(Dataset records)
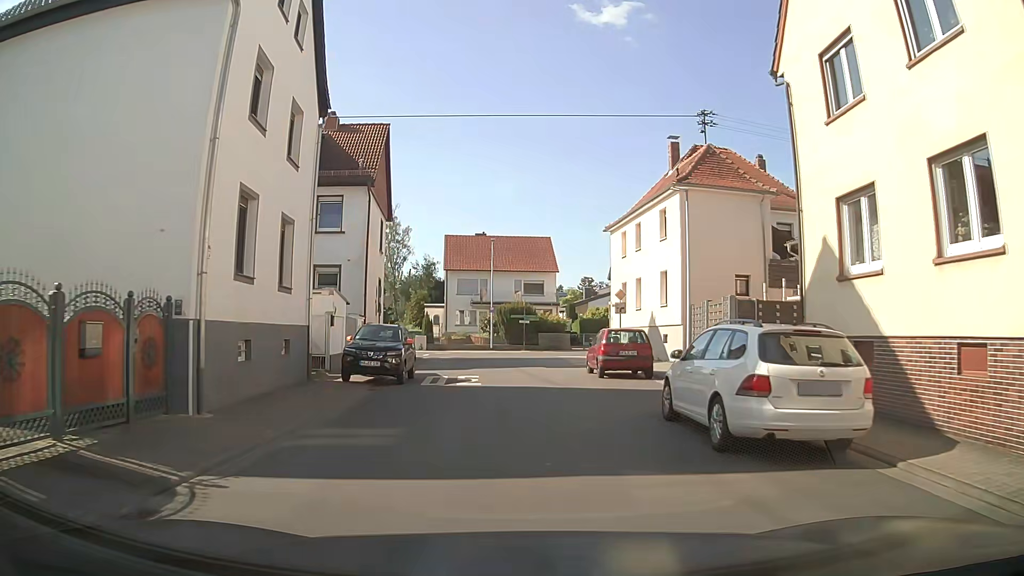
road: unclassified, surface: asphalt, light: Day
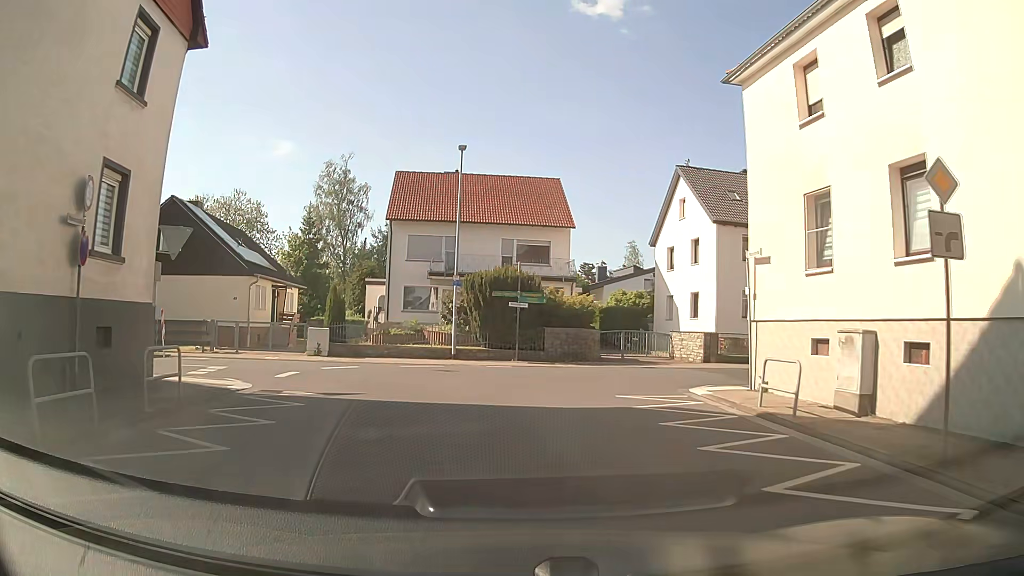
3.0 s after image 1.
(-0.4, +24.0) m; 0°
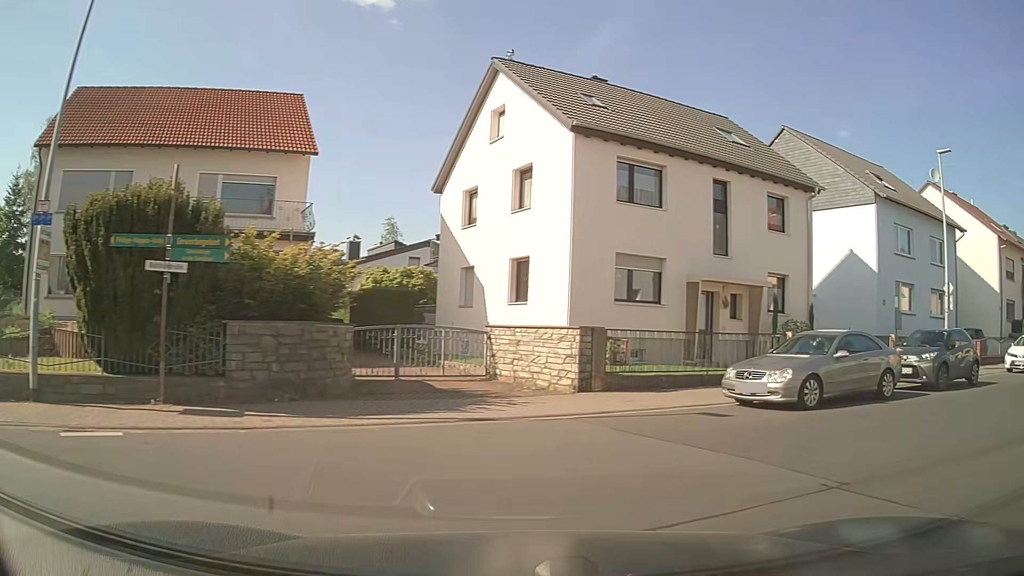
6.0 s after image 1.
(+0.7, +14.8) m; +21°
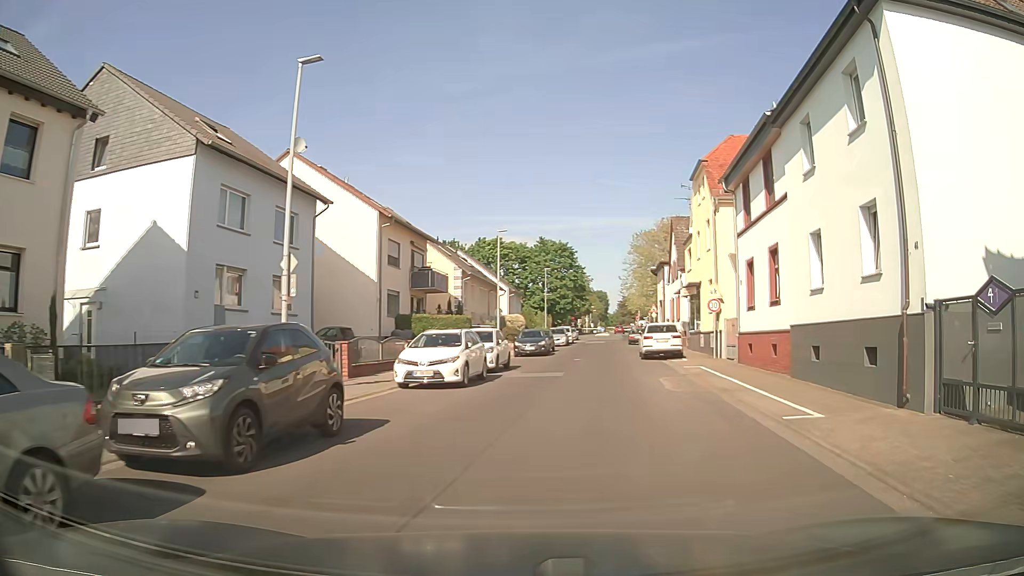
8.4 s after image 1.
(+5.2, +8.5) m; +53°
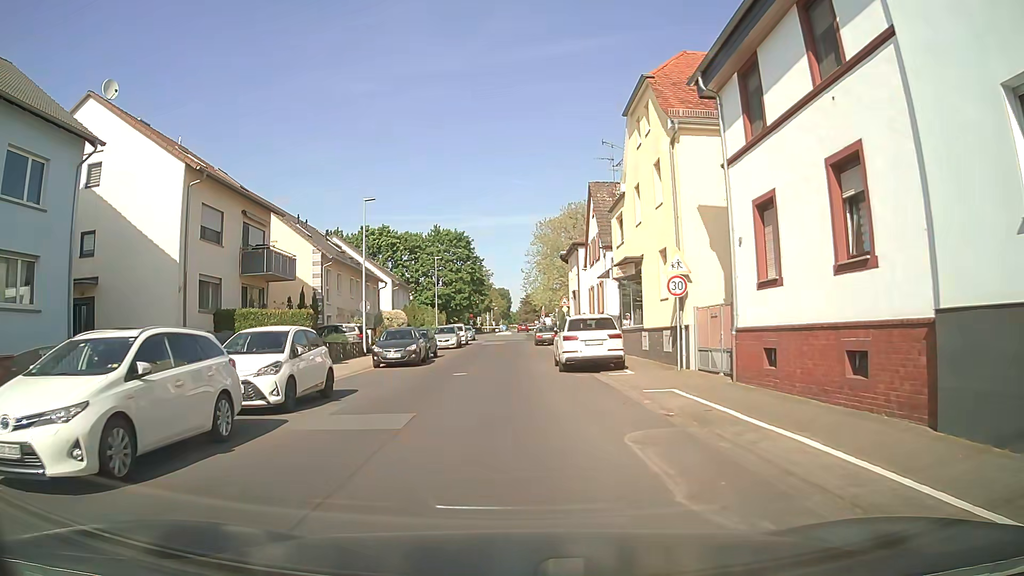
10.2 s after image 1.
(+1.7, +11.3) m; +10°
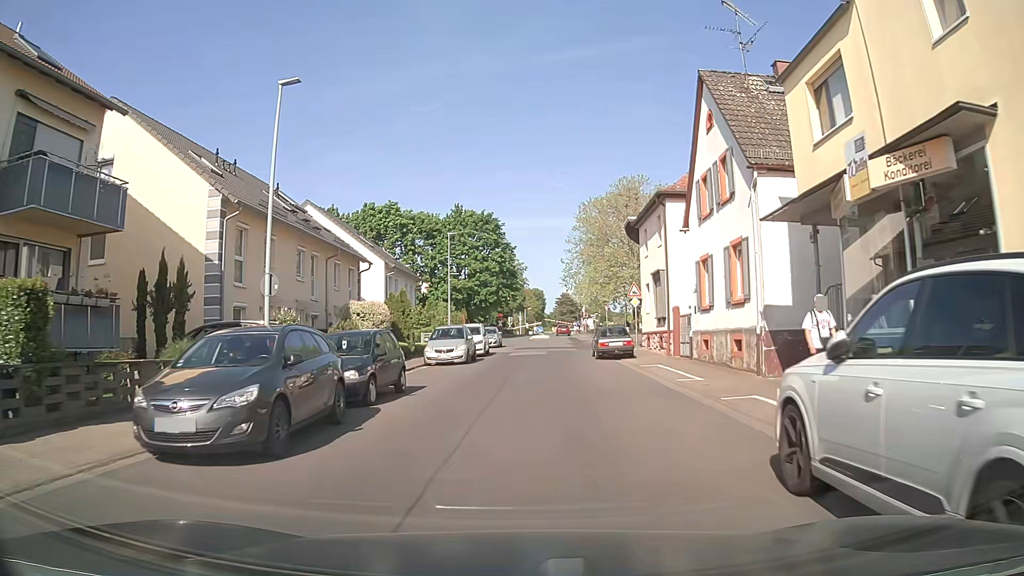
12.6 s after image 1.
(-0.6, +18.3) m; -3°
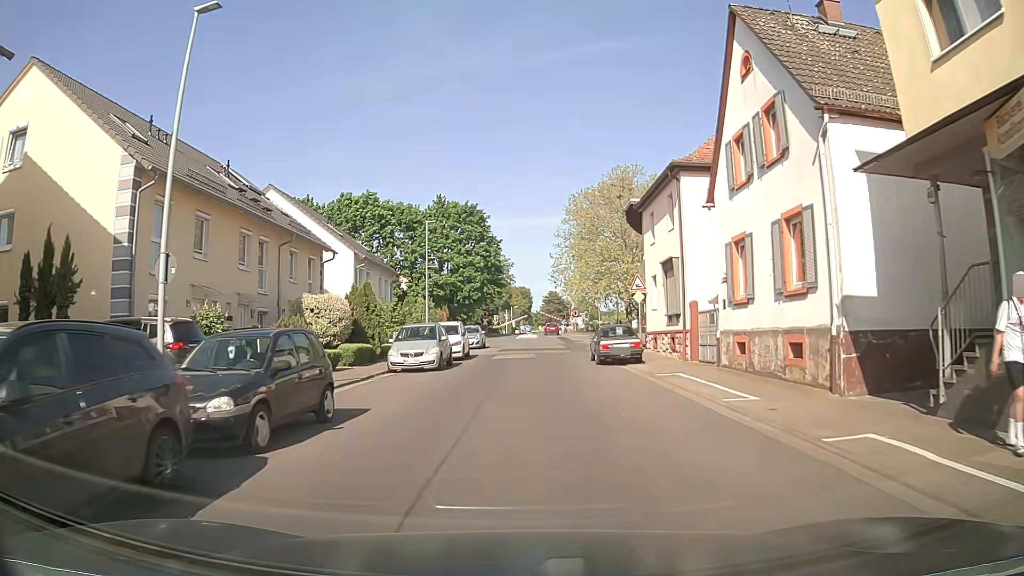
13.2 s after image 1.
(0.0, +5.0) m; +1°
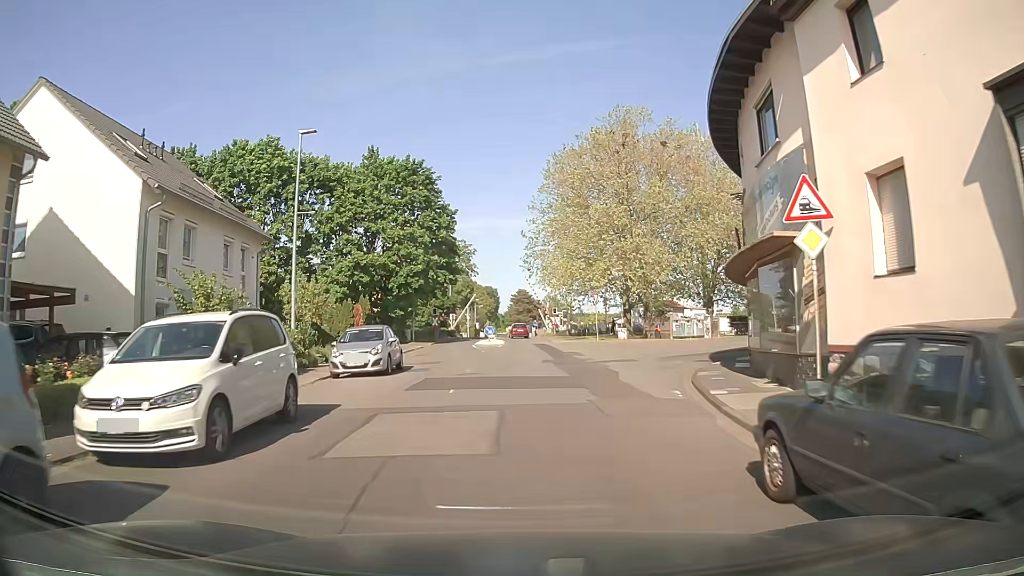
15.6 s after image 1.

- [TO DO]: Starting at the line that contains "12.6 s after image 1." and ending with the last line of the data, transcribe every line exactly; skip the pictures.

- [RESPONSE BOX]:
12.6 s after image 1.
(-0.6, +18.3) m; -3°
13.2 s after image 1.
(0.0, +5.0) m; +1°
15.6 s after image 1.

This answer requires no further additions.